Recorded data

^^^^^^^^

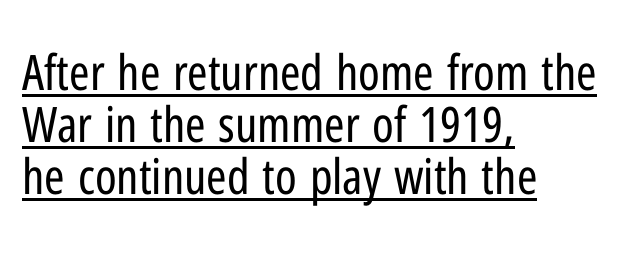
Note: no serifs on the glyphs. What's the leading like? Squeezed, with rows nearly overlapping. The face used here is proportionally spaced, like ordinary book or web type. The rag falls on the right side of this text block. Stems here are at most as thick as an everyday book face.
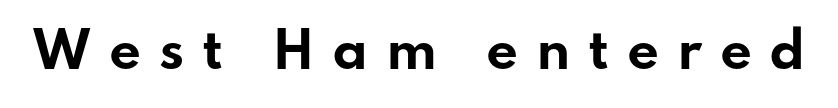
The specimen reads as upright at a glance. Short note: letters widely spaced. Character widths vary here, with narrow letters taking less room than wide ones. Letterform terminals end flat and unadorned throughout the passage. The baseline area is clear.
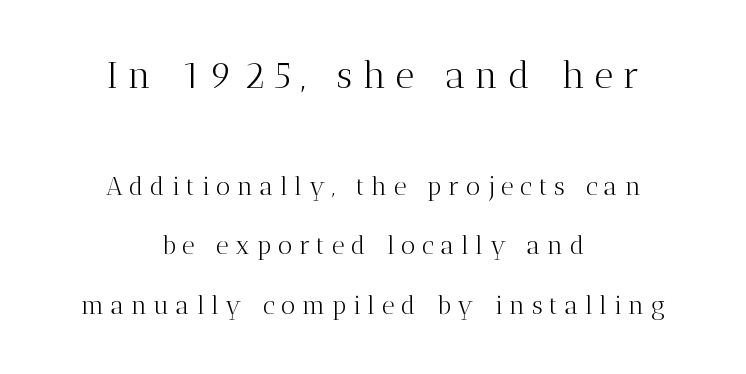
The image shows 37 px light serif type, upright; set centered, loose line spacing (2.38x), unusually wide letter spacing (+0.27 em), not underlined; the first (top) block is 1.48x larger; medium stroke contrast and a medium x-height.
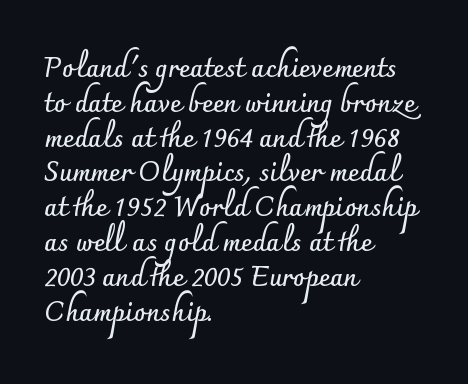
Q: Is the text bold? A: Yes.
Q: Is the text italic (slanted)? A: Yes.
Q: Is the text underlined? A: No.
Q: How is the paragraph aligned? A: Left-aligned.
Q: Is the spacing between letters normal or unusually wide? A: Normal.
Q: Is the spacing between lines tight, normal or loose? A: Normal.

^^^^^^^^

◆ Directions
Retype, without changes, the lines from the line holding "Q: Is the spacing between letters" to the end of the data, both ends included.

◆ Result
Q: Is the spacing between letters normal or unusually wide? A: Normal.
Q: Is the spacing between lines tight, normal or loose? A: Normal.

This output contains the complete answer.